> Problem requirements:
Lines below that include the word "SwSTEP" should each be copied.
*** Block opens ***
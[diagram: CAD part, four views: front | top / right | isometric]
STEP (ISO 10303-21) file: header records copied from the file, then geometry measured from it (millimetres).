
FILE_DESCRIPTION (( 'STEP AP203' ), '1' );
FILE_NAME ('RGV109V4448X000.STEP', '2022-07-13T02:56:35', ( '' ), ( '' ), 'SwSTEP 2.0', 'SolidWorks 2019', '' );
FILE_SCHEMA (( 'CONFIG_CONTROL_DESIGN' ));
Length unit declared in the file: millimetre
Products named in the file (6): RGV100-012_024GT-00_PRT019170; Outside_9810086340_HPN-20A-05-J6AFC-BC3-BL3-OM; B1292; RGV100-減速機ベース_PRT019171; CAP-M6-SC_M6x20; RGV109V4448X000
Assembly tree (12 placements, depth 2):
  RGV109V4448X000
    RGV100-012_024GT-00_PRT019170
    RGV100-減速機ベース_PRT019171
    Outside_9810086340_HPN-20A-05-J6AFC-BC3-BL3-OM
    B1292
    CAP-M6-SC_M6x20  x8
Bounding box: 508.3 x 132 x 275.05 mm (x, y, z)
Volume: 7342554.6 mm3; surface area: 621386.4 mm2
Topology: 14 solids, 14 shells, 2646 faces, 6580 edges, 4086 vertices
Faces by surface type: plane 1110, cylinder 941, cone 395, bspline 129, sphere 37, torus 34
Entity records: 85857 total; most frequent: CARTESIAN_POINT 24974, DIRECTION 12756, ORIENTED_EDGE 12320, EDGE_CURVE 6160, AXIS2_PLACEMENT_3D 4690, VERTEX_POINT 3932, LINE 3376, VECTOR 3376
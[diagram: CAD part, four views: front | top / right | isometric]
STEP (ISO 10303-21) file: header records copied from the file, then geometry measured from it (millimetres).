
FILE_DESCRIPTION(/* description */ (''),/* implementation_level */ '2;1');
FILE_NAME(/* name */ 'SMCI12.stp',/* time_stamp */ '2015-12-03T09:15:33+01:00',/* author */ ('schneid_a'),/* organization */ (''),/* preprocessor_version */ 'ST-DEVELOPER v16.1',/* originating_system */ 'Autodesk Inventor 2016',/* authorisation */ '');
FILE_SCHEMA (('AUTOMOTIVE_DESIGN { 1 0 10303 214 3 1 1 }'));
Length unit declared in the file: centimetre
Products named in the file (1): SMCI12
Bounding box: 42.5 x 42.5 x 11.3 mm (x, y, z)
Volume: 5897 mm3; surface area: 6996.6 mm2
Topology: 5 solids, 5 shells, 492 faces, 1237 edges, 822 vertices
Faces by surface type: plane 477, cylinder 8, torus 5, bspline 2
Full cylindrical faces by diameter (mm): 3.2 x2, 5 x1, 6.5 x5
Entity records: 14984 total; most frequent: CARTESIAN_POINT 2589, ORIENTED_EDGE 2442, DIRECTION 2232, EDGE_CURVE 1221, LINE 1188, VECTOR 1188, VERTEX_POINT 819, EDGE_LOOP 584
*** Block closes ***
*** Block opens ***
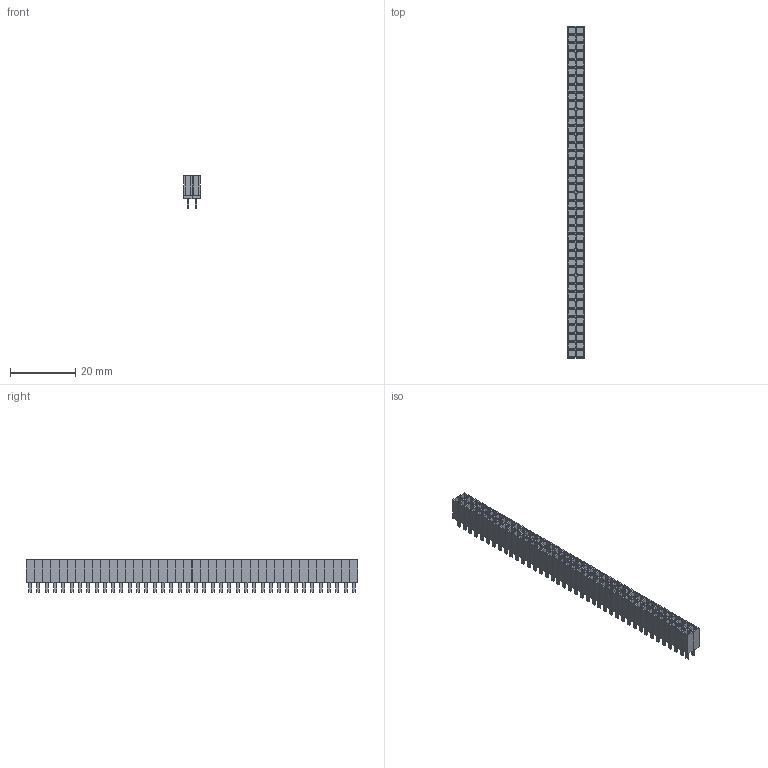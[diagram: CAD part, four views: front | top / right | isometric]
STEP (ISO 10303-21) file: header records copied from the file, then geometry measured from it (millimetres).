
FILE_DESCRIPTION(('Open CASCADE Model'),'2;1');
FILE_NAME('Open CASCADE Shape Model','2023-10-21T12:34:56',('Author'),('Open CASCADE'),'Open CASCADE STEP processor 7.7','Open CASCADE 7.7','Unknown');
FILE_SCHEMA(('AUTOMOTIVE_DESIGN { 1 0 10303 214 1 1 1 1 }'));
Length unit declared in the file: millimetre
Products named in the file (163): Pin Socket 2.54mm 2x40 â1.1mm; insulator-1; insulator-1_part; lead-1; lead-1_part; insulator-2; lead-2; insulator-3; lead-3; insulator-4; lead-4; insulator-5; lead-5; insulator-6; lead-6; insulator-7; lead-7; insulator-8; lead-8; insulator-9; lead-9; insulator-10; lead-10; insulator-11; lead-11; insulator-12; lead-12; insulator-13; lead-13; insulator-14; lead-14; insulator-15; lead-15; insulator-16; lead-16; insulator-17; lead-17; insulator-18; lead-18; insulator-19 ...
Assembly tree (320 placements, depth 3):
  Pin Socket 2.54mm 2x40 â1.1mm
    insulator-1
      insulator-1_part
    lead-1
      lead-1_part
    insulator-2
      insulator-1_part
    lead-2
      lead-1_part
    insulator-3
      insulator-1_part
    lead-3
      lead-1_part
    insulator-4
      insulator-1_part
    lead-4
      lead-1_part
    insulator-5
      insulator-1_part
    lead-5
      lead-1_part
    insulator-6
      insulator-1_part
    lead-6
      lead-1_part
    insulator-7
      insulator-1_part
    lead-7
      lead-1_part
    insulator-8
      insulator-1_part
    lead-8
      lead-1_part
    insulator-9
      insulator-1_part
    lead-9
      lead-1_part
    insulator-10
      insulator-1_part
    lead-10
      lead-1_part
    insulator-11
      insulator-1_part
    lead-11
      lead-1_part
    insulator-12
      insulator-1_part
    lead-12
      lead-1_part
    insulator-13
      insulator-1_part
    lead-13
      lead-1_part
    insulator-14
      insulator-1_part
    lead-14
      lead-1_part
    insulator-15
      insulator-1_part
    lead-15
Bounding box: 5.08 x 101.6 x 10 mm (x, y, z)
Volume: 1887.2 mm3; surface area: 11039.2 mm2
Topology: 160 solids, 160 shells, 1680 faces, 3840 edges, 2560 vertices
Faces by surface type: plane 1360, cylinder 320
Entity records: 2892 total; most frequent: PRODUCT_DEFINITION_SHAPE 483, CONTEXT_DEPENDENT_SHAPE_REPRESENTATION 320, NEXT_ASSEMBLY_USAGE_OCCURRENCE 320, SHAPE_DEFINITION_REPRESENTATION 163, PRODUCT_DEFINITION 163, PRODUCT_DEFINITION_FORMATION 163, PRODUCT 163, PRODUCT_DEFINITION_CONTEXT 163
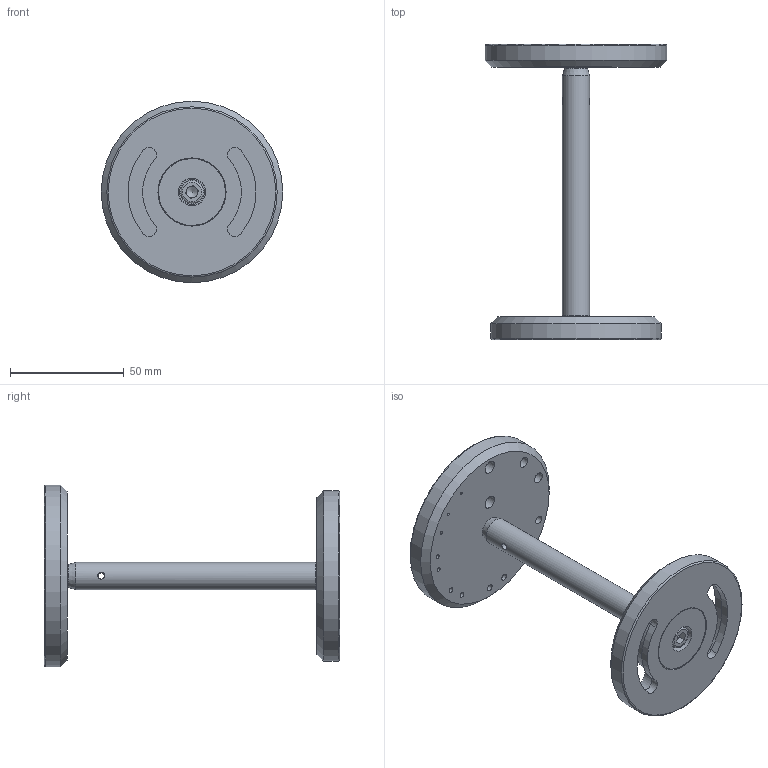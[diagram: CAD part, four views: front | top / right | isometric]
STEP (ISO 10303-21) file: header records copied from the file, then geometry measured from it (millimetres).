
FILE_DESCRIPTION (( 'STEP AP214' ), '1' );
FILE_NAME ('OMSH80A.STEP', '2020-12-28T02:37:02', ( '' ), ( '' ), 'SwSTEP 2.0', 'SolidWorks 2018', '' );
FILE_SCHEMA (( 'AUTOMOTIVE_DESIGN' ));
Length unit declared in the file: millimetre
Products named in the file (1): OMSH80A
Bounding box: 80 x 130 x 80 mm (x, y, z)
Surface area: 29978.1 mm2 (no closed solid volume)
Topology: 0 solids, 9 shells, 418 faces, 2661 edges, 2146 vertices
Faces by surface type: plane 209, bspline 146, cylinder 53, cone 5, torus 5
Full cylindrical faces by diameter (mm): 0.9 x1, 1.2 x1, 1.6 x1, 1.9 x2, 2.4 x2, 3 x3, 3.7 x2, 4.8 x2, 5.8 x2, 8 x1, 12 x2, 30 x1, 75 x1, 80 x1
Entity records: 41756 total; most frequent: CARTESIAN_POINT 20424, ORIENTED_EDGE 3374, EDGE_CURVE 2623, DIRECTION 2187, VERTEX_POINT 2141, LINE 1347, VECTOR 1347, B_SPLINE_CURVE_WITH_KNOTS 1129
*** Block closes ***
*** Block opens ***
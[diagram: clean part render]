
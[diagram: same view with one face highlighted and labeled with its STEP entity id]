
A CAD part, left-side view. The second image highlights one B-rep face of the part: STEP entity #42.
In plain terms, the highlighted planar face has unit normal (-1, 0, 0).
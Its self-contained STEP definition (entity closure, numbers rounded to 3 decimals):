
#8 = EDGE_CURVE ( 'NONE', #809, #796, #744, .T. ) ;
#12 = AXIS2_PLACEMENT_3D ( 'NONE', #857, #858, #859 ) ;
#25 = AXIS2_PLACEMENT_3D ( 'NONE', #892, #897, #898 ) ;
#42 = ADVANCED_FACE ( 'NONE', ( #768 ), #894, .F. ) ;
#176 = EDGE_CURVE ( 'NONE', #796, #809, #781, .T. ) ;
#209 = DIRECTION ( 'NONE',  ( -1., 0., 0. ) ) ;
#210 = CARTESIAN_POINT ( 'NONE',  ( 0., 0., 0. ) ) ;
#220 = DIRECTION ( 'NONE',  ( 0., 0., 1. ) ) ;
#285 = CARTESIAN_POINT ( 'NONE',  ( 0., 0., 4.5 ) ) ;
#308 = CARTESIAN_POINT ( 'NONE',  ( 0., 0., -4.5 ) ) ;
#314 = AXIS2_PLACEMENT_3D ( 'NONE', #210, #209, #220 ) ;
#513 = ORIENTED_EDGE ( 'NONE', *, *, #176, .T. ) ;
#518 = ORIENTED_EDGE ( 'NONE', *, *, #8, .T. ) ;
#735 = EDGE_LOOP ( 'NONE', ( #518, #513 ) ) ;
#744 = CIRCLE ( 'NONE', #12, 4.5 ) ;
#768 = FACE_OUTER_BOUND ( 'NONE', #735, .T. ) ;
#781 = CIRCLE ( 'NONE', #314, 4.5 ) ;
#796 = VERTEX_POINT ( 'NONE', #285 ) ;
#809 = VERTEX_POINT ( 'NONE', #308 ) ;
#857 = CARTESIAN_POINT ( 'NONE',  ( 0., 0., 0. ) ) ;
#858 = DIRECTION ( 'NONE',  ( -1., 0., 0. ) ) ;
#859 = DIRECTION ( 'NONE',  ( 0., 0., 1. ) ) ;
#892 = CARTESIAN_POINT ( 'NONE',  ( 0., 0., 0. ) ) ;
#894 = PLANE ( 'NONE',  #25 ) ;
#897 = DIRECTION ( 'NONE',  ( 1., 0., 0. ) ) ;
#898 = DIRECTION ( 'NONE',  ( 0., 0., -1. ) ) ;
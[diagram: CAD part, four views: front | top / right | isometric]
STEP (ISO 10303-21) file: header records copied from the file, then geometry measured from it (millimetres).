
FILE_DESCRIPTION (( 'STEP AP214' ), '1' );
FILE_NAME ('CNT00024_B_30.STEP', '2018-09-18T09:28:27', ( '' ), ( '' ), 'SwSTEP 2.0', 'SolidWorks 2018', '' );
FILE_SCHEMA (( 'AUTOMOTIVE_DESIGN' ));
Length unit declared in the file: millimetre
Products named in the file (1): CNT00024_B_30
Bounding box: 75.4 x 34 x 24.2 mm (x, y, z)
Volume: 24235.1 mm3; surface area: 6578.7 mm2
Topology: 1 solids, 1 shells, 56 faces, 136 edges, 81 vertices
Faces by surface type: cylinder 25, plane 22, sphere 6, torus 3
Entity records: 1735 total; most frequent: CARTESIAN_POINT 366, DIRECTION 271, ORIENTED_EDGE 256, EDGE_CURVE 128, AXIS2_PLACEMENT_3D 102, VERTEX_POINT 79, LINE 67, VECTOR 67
*** Block closes ***
> Answer box:
FILE_NAME ('RGV109V4448X000.STEP', '2022-07-13T02:56:35', ( '' ), ( '' ), 'SwSTEP 2.0', 'SolidWorks 2019', '' );
FILE_NAME ('OMSH80A.STEP', '2020-12-28T02:37:02', ( '' ), ( '' ), 'SwSTEP 2.0', 'SolidWorks 2018', '' );
FILE_NAME ('CNT00024_B_30.STEP', '2018-09-18T09:28:27', ( '' ), ( '' ), 'SwSTEP 2.0', 'SolidWorks 2018', '' );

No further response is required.